До своей гибели в лагере он успел пожить на родине всего три года, причем в условиях относительной свободы — лишь один год… Когда задумываешься о судьбе Остроградского, невольно напрашивается мысль: останься он тогда, после войны, в Китае, возможно, жизнь его не закончилась бы так трагически. Но, видимо, его там уже ничто не держало. Из бывших соратников по белому движению кто-то уже к тому времени умер (Блонский, Хорват, Исаков); некоторые были арестованы органами Советской власти в 1945 г. и отбывали наказание в лагерях (Корнилов, Гонелин, Кириченко); другие уехали за границу (Клейн). В Китае опять было неспокойно, начиналась новая гражданская война. В этих условиях особенно заботили дела семейные: брат жены Левицкий Александр Григорьевич, бывший сотрудник БРЭМ, был арестован и осужден; такая же участь могла постигнуть и зятя — Калачева Александра Валерьевича, бывшего офицера белой армии, женившегося на дочери Остроградского Елене в эмиграции в Китае в 1930 г.; подрастала внучка Нина, появившаяся на свет в Тяньцзине в 1937-м. Давал о себе знать и возраст (68 лет), тянуло на родину…
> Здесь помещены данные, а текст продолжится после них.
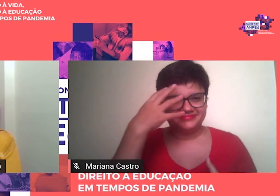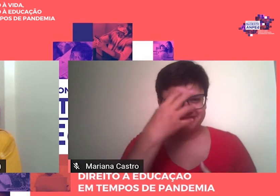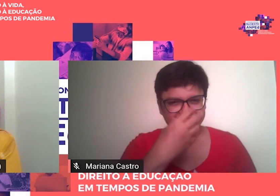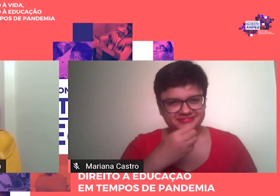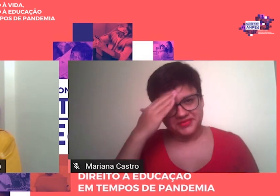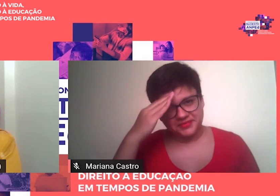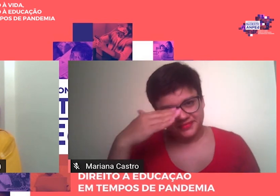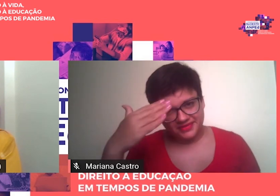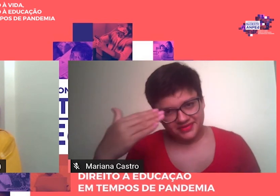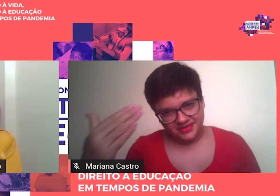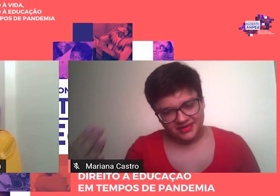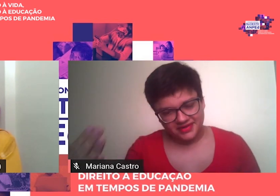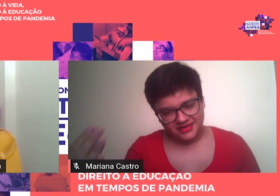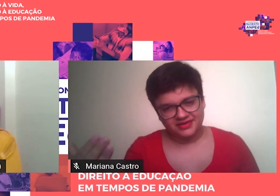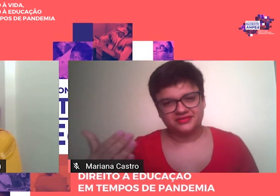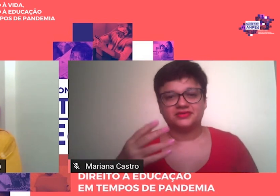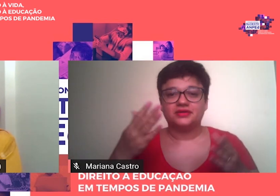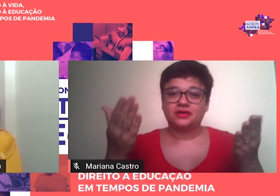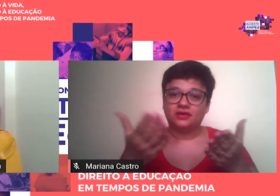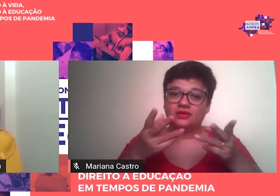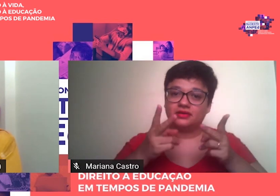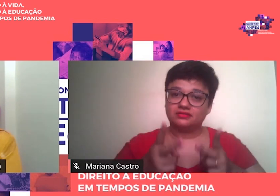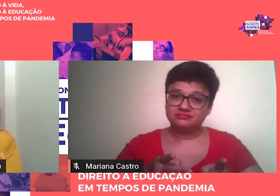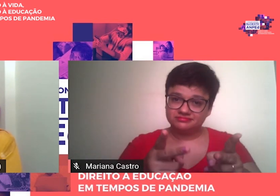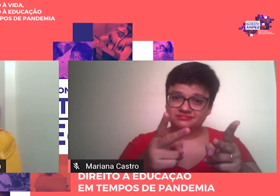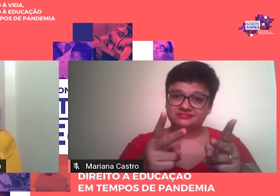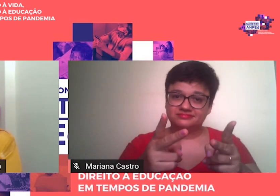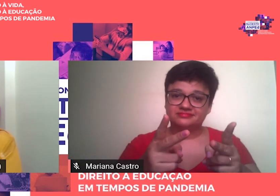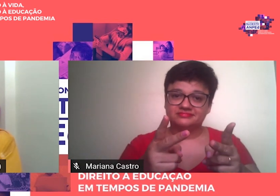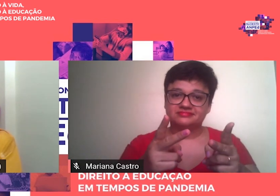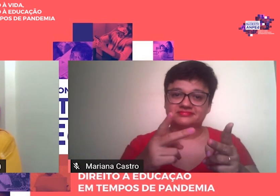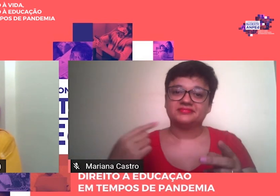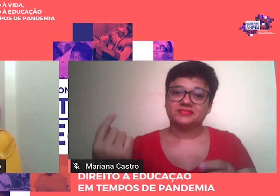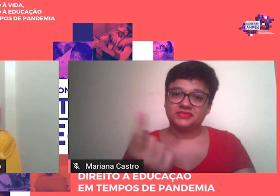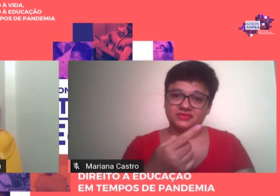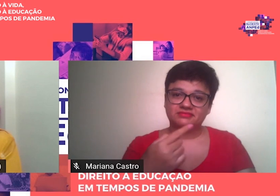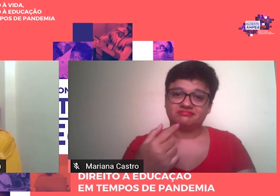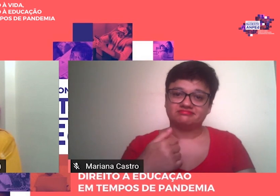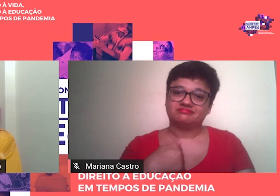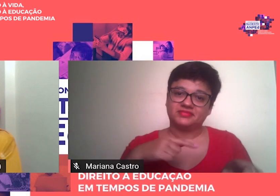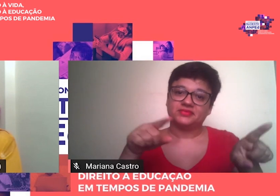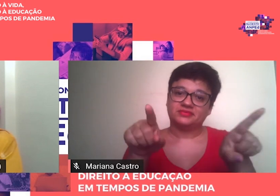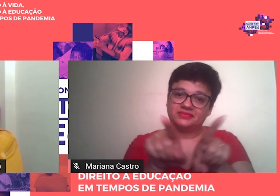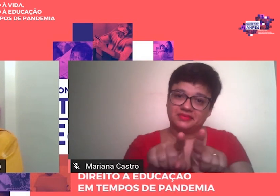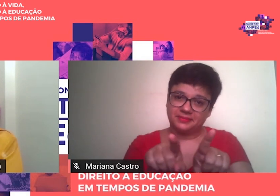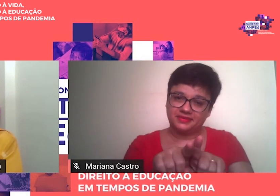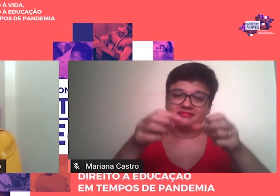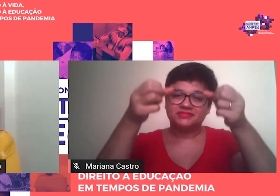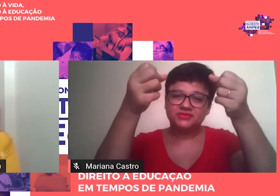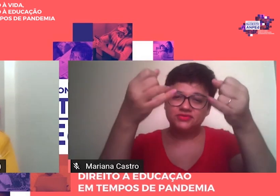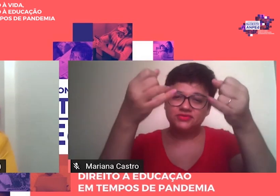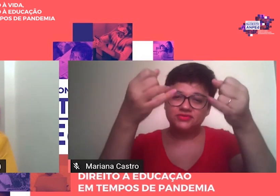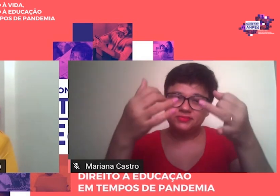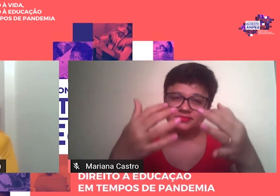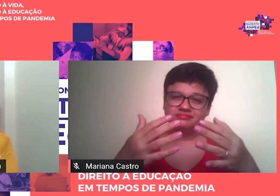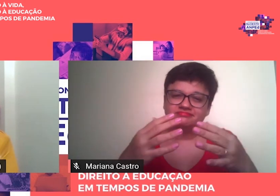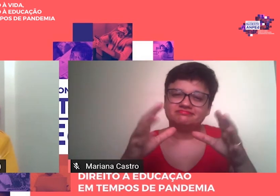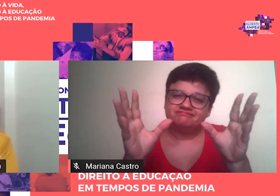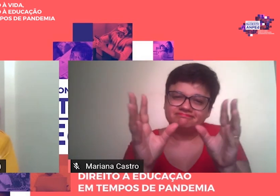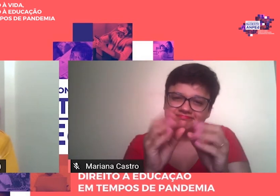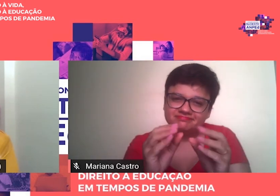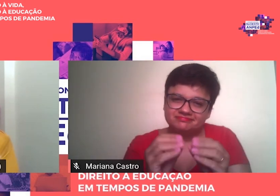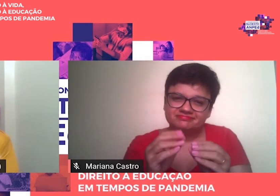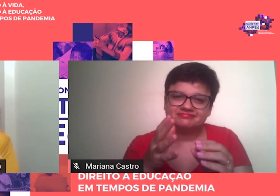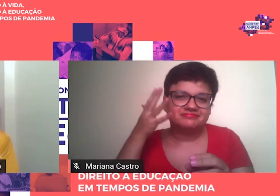Dando continuidade A ela Eu vou fazer Também Uma pequena fala Para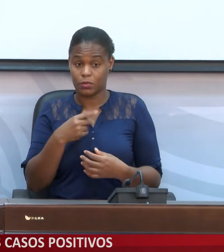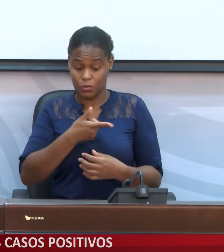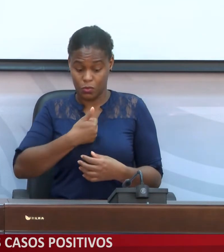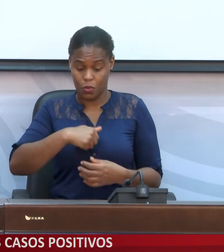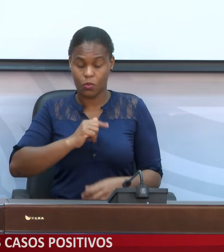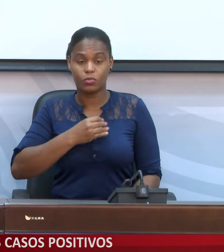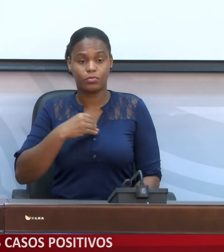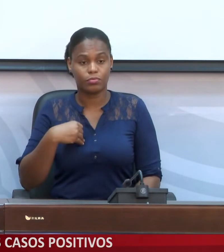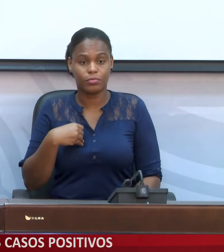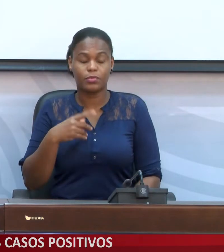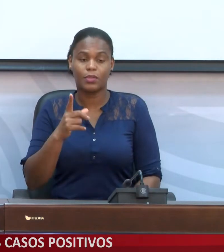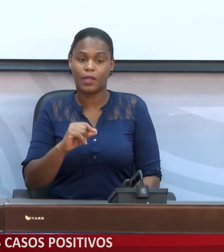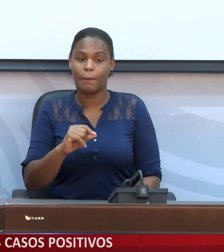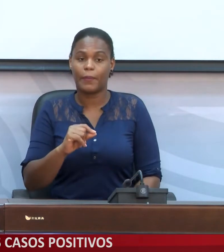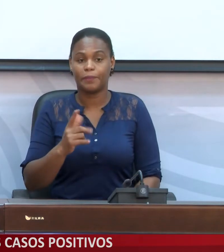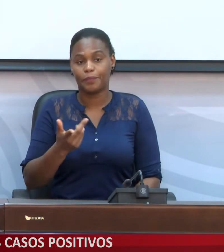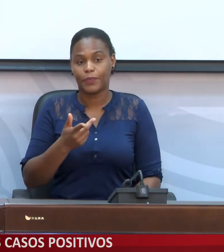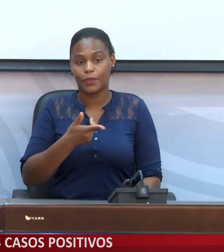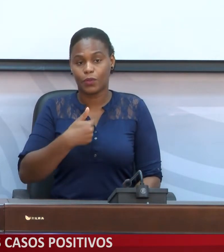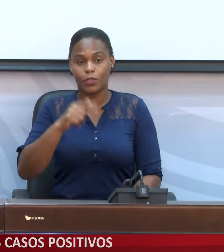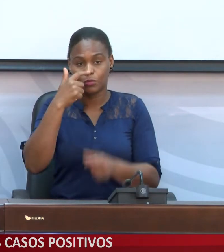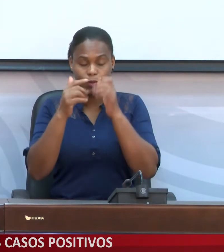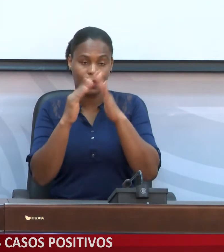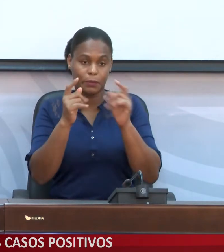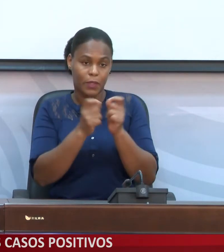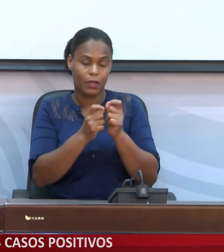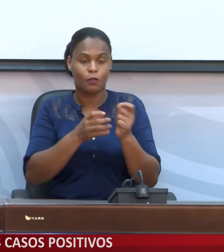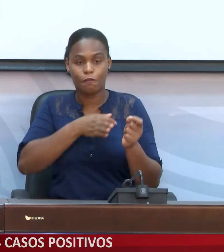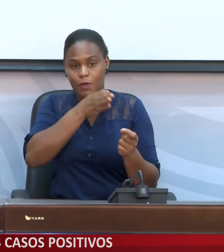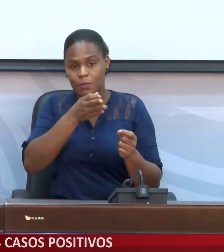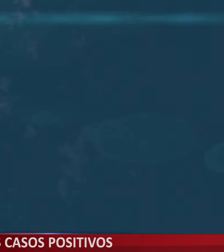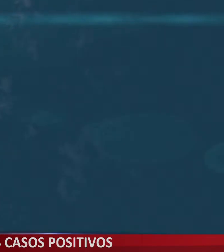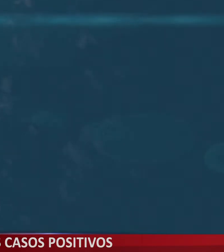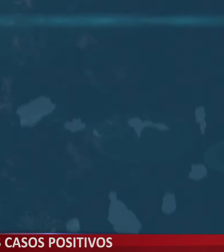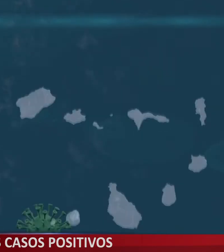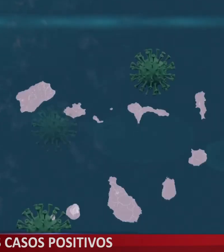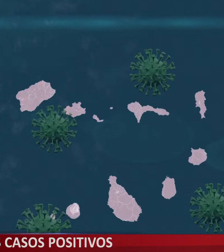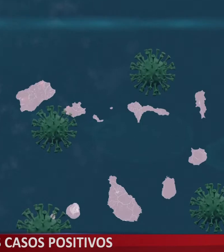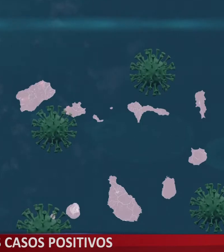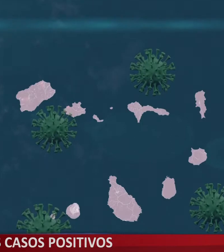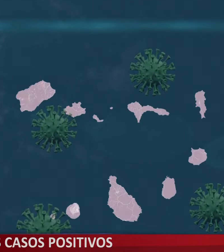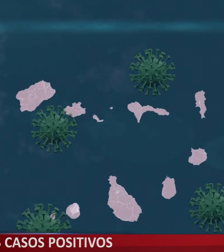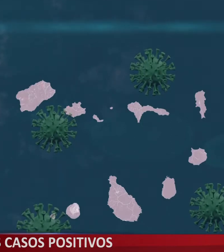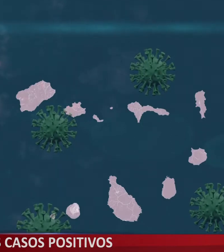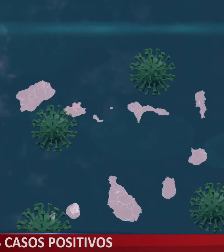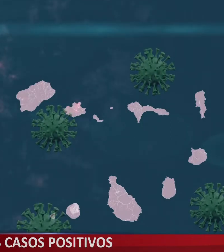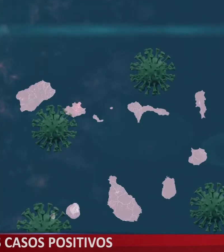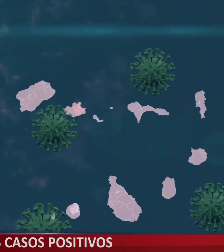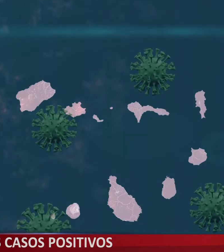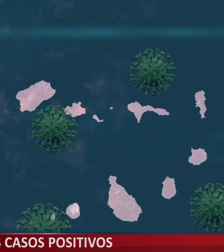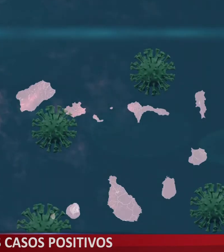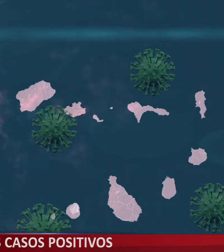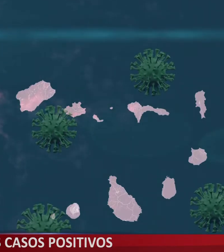nossa saúde, portanto, e também do nosso vizinho, dos nossos familiares e da nossa comunidade. Cabo Verde passa a contar com

В мае 2008 г. в архив среди многочисленных запросов, поступающих по электронной почте, пришло письмо от правнучки Бориса Андреевича — Жиличевой (Лобковой) Веры Викторовны, дочери той самой Нины, родившейся в Тяньцзине (назвали её, наверно, в честь прабабушки — Веры Григорьевны Остроградской-Левицкой, жены Бориса Андреевича). Она случайно зашла на сайт нашего архива и обнаружила здесь сведения о своем прадеде. К официальной справке по материалам архивно-следственного дела Б.А. Остроградского, направленной в пос. Фабричный Кавалеровского района Приморского края, мы приложили копии нескольких фотографий из его «мукденского альбома».